Saturday, 16 January 2010

Avoiding Comment Spam Scams

For every blogger receiving comments from readers can be a feel-good experience. It makes you feel like your writing has reached someone on a level deep enough or important enough that the reader takes time out of his or her day to respond to you. But before you approve the comment and publish it to your blog, take a minute to determine if it's an authentic person leaving the comment or if it's a wolf in sheep's clothing.

Some comments are easy to recognize as spam, comments containing misleading links or the commentator's name is linked to a nefarious website are obviously spam. A less obvious spam comment is something like "great post, thanks for sharing, I'll be sure to visit this blog often." Sure that may be a legitimate comment, but in most cases if you visit the site linked to the commentator's name you'll find a spammy website.

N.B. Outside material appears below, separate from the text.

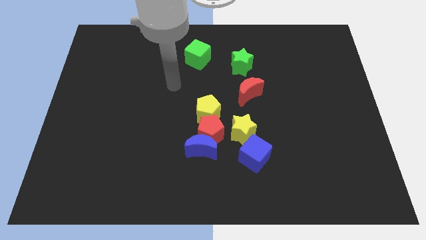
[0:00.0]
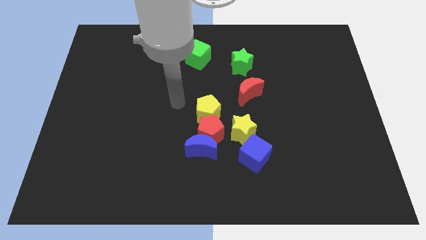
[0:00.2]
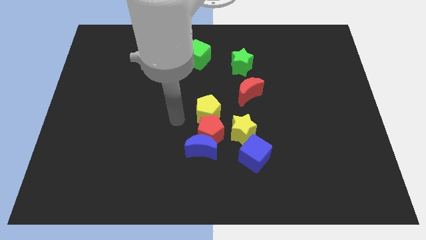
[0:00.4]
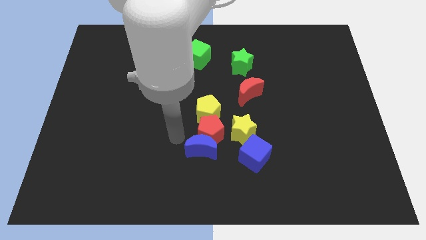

A recent trend I've seen in comment spam is a request for you to send the commentator an email. This is what I'm seeing, "Great articles and it's so helpful. I want to add your blog into my rrs reader but i can't find the rrs address. Would you please send your address to my email? Thanks a lot!" While this comment is obviously trying to appeal to my helpful nature, there are a couple of tell tale signs that is a spam comment,. First of all my RSS feed is pretty easy to spot on my blog, it's a big button with the letter RSS on it. Second, the comment has nothing to do with the blog post. If you receive a comment like this on your blog, DON'T RESPOND TO IT! It is an attempt to capture your email address which at the very least will end up on spammer's list. On a similar note, as I mentioned on Seedlings, posting your complete email address with the "@" symbol is an invitation to spammers.

There are a number of very good plug-ins that you can use to automatically filter comments. As good as some of those filters are the one fool-proof method of protecting yourself from spam is to moderate comments yourself.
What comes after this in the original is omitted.